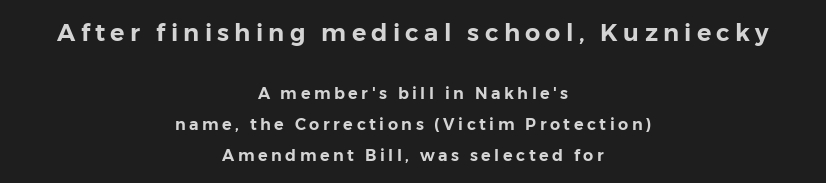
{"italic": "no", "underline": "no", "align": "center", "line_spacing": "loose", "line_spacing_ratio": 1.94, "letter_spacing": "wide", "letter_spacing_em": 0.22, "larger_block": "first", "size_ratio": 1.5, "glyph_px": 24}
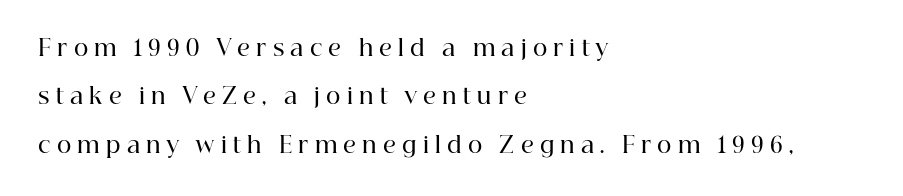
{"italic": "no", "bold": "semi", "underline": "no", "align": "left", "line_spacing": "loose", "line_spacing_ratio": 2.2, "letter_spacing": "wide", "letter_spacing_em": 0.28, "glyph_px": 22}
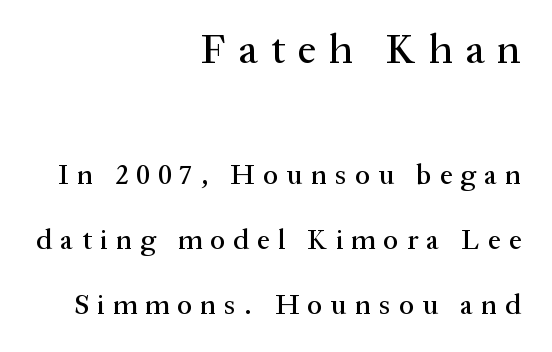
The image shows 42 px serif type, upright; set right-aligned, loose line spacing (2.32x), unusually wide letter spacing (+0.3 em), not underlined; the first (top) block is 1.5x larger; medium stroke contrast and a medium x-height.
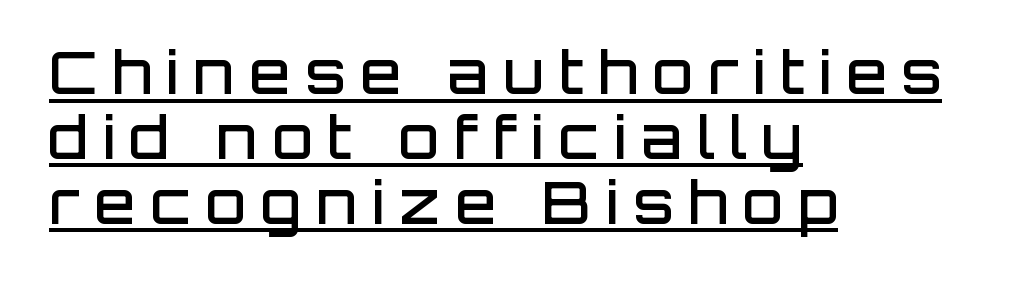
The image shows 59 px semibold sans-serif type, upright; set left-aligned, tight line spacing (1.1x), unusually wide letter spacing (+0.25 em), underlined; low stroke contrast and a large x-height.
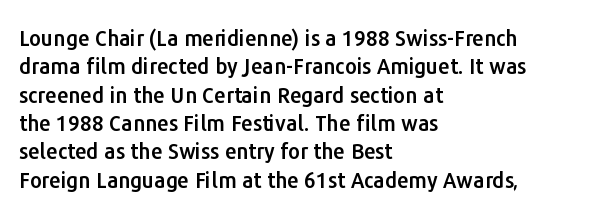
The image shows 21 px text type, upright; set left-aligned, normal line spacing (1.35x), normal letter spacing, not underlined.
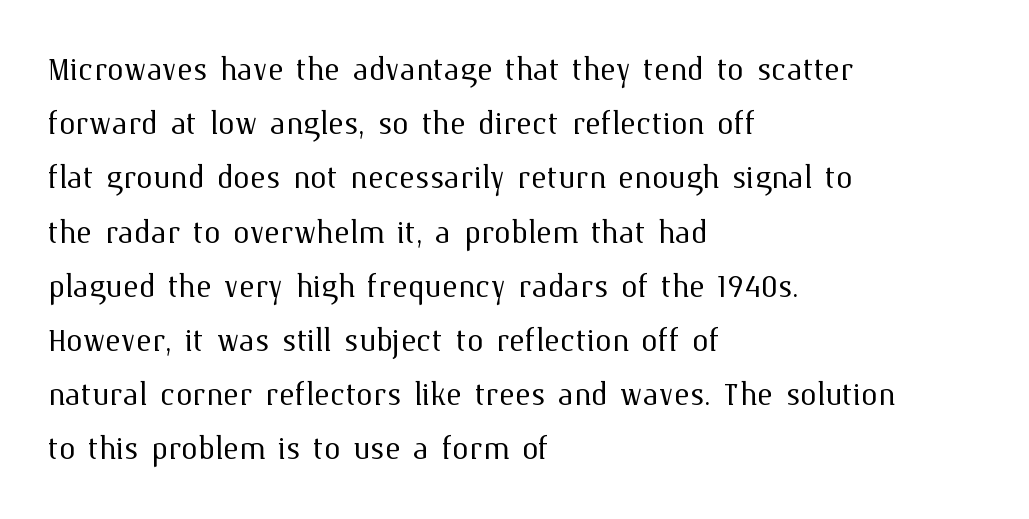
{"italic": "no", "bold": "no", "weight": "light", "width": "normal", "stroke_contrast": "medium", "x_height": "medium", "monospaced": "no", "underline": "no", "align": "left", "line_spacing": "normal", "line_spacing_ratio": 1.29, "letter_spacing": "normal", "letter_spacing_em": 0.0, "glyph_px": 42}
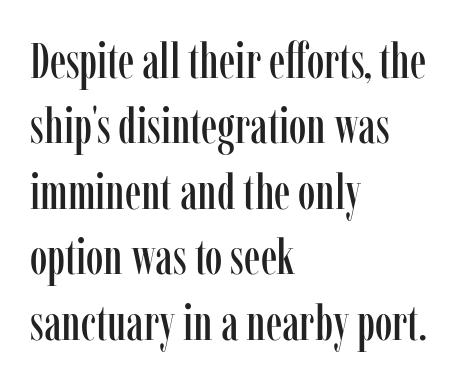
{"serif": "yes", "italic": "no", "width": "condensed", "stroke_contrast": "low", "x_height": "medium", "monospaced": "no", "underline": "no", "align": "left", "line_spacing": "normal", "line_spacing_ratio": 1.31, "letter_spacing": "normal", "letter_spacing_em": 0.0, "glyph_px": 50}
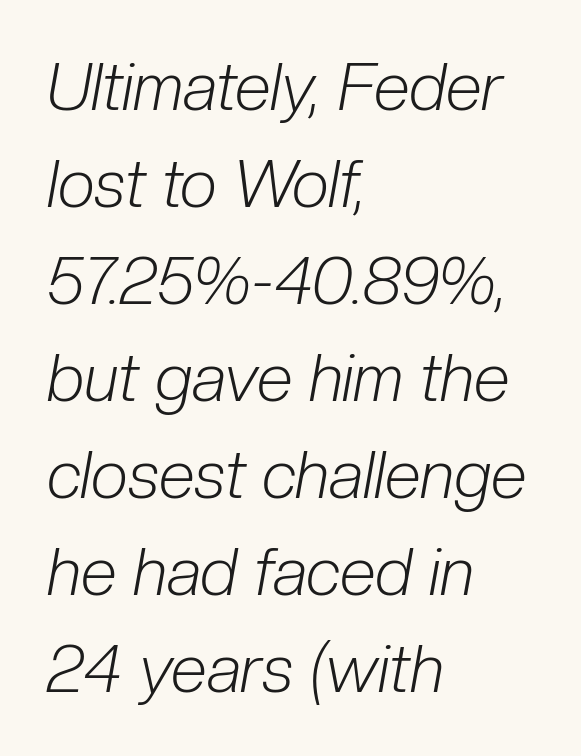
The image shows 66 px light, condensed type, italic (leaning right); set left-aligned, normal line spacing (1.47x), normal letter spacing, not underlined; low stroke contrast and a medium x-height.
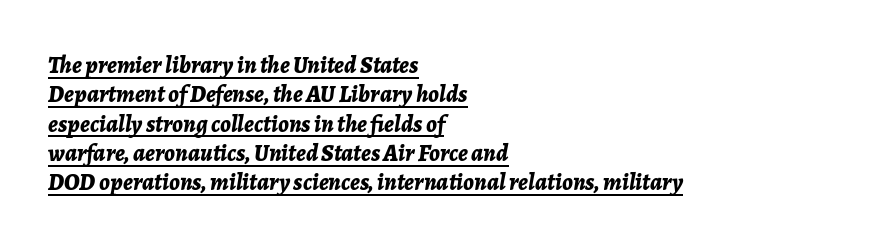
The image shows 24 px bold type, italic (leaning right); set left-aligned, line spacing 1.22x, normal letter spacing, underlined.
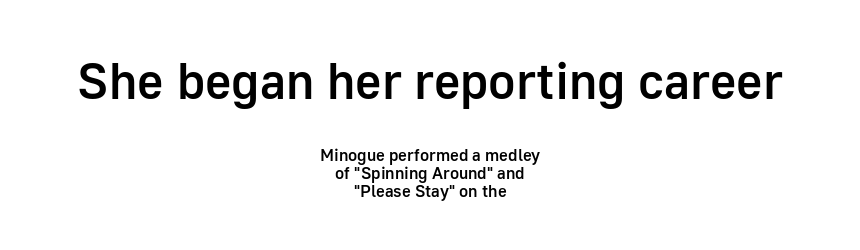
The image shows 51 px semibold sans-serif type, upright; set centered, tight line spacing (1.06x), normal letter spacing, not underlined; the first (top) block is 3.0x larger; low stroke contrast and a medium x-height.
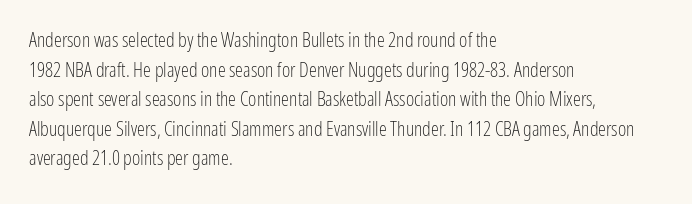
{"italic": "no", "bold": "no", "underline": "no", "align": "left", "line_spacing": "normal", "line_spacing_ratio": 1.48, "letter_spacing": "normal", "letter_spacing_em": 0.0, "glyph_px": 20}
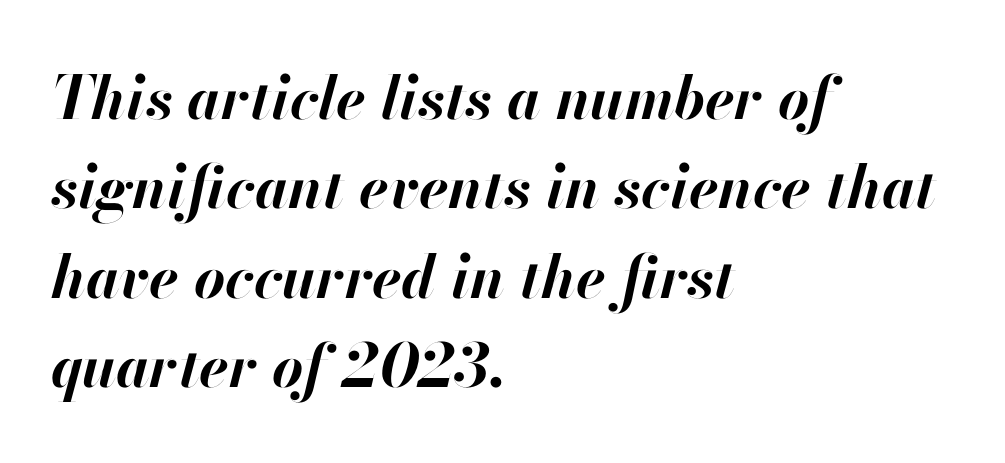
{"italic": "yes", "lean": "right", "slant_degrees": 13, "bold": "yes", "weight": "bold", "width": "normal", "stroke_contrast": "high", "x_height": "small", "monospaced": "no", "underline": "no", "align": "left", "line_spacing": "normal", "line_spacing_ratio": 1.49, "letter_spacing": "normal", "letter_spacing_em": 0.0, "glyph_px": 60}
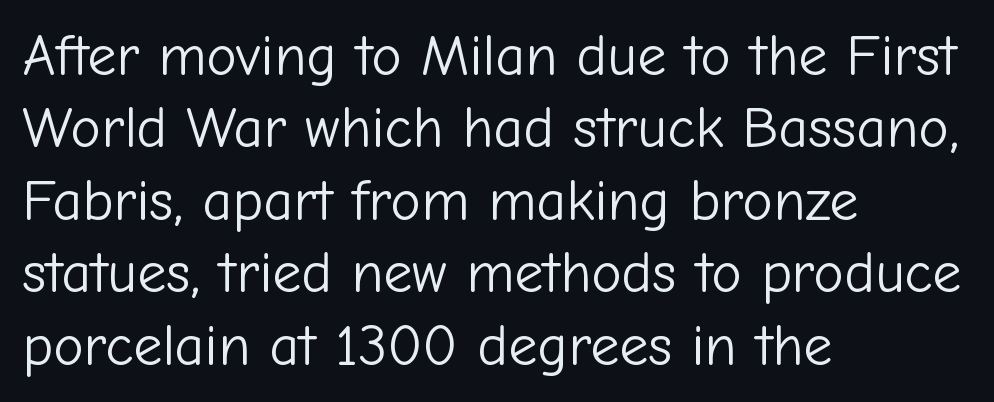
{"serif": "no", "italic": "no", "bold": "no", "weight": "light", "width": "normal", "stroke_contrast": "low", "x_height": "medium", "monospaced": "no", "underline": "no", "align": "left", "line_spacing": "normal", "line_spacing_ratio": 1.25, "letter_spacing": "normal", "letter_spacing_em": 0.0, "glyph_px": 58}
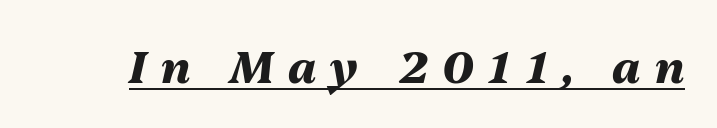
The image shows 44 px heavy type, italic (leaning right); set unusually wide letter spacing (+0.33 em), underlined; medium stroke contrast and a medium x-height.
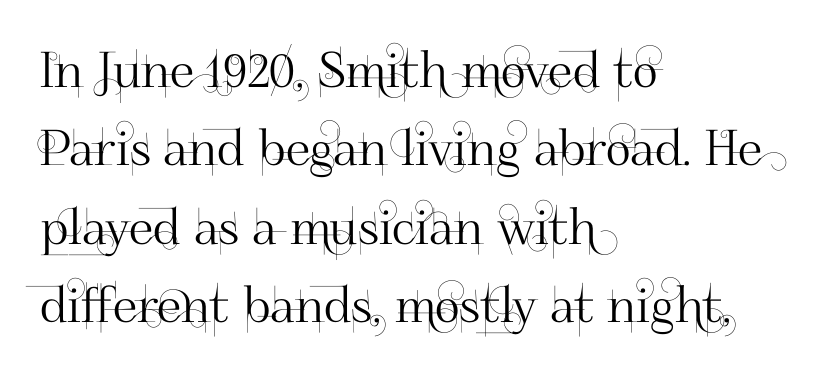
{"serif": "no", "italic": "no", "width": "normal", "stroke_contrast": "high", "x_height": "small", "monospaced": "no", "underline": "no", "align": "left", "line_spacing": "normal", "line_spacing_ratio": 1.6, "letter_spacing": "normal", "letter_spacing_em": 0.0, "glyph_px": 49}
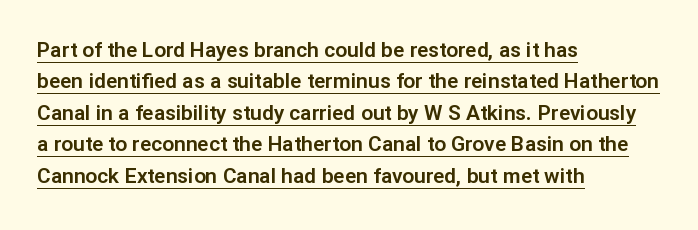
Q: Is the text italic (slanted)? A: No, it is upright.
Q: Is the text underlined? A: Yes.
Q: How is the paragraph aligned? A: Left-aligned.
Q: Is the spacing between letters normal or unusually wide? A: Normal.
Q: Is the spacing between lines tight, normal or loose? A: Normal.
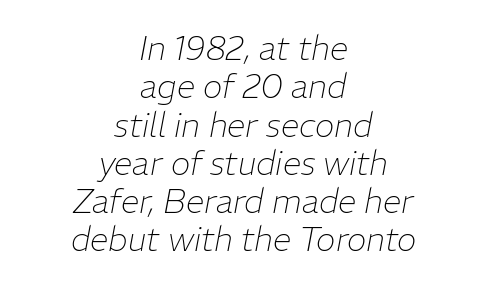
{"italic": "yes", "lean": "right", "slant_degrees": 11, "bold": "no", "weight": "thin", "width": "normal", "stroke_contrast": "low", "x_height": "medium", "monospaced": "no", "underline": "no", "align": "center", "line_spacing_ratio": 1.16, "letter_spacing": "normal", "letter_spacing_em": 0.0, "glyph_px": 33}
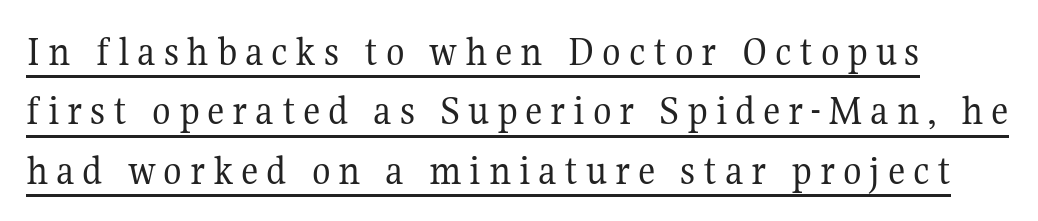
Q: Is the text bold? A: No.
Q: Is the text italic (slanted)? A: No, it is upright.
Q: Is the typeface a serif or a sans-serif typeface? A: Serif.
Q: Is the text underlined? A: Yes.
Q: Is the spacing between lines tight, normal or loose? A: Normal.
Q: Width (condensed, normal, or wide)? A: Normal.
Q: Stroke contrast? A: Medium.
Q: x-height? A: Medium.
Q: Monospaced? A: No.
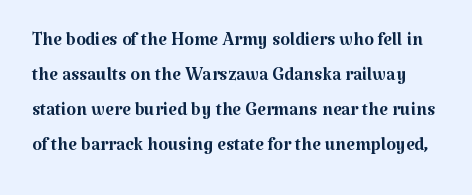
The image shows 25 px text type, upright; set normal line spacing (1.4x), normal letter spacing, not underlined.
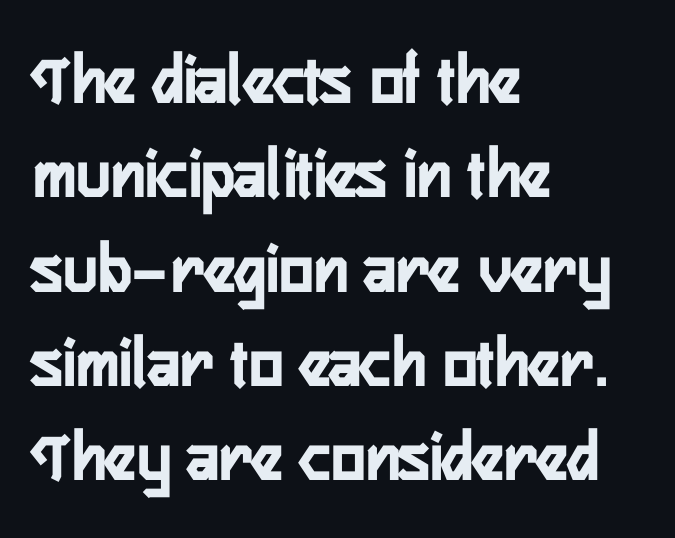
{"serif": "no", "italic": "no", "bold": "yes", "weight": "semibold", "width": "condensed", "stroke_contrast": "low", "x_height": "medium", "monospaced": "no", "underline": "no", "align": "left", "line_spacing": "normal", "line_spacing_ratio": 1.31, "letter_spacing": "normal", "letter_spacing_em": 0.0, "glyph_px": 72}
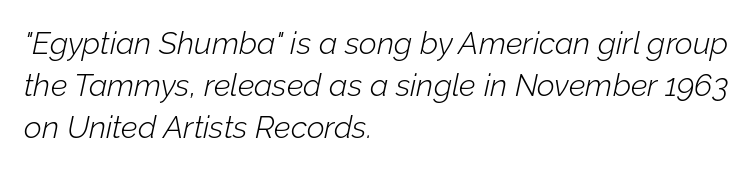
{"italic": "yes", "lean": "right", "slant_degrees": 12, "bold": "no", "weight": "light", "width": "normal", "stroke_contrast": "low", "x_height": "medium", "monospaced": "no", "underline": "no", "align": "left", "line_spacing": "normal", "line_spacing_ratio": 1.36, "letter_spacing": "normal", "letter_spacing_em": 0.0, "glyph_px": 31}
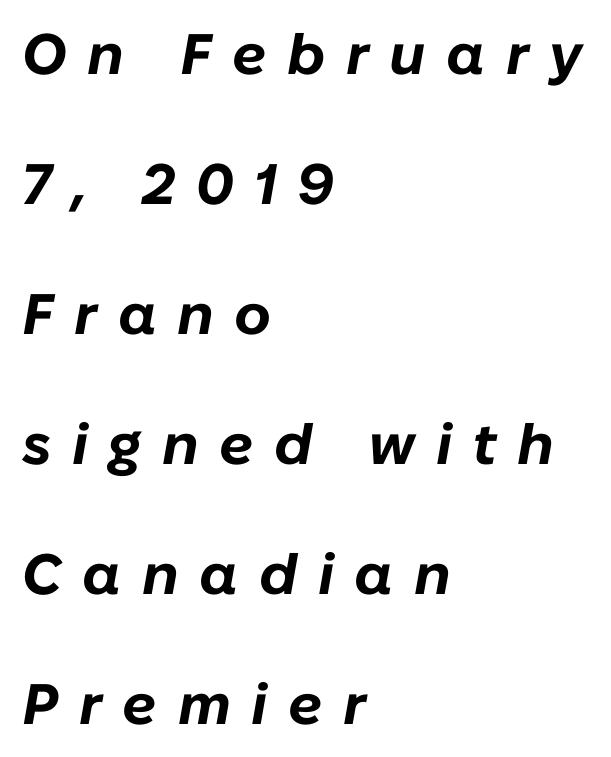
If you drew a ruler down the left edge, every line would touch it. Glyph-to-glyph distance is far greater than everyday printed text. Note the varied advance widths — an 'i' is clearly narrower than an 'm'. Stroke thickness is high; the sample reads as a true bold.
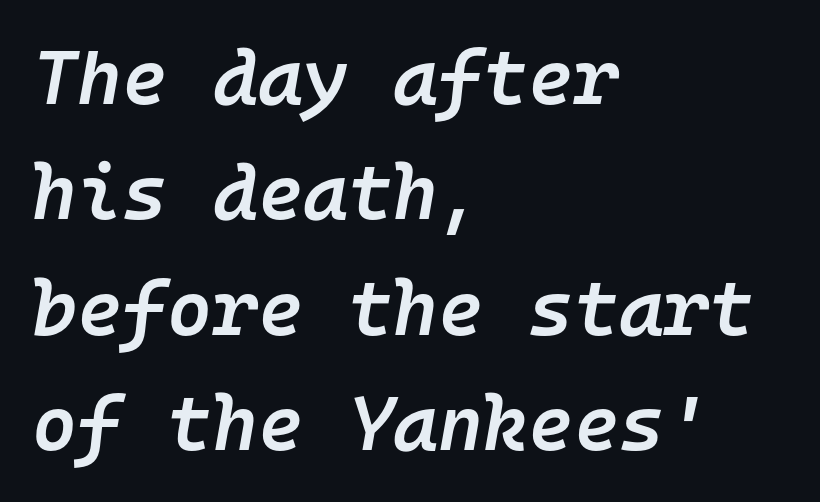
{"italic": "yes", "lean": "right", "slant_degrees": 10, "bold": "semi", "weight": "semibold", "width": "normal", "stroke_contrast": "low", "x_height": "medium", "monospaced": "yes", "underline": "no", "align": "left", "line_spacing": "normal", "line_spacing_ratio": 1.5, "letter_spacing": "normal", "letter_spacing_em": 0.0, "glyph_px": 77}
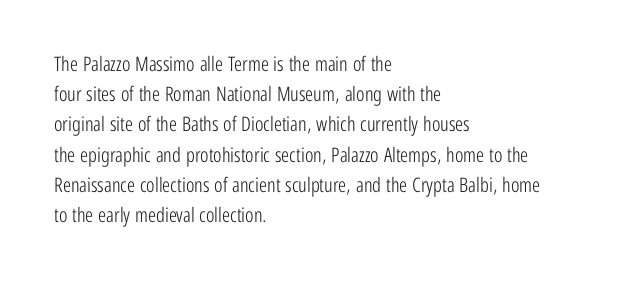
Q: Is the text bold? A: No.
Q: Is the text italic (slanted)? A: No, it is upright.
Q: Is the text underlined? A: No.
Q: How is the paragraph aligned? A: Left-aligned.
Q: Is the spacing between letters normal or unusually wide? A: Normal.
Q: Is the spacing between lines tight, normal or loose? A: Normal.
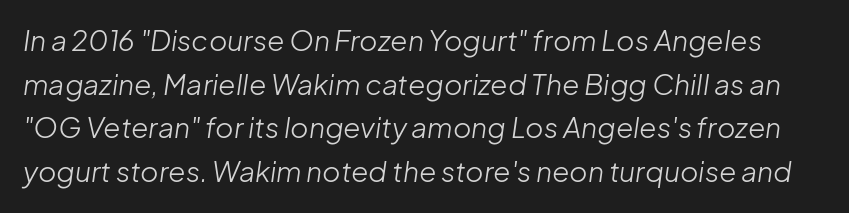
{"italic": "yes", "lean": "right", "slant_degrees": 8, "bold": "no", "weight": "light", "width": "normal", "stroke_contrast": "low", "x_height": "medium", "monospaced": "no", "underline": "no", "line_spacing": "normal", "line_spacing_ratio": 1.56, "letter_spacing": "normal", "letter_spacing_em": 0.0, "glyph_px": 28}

§ §

* GOAL OF THE EXERCISE:
Your answer is the exact run of lines above from the one with "Q: x-height? A: Medium." through the one with "The image shows 25", both ends included, minus any picture.

* TASK RESPONSE:
Q: x-height? A: Medium.
Q: Monospaced? A: No.
The image shows 25 px text type, upright; set normal line spacing (1.4x), normal letter spacing, not underlined.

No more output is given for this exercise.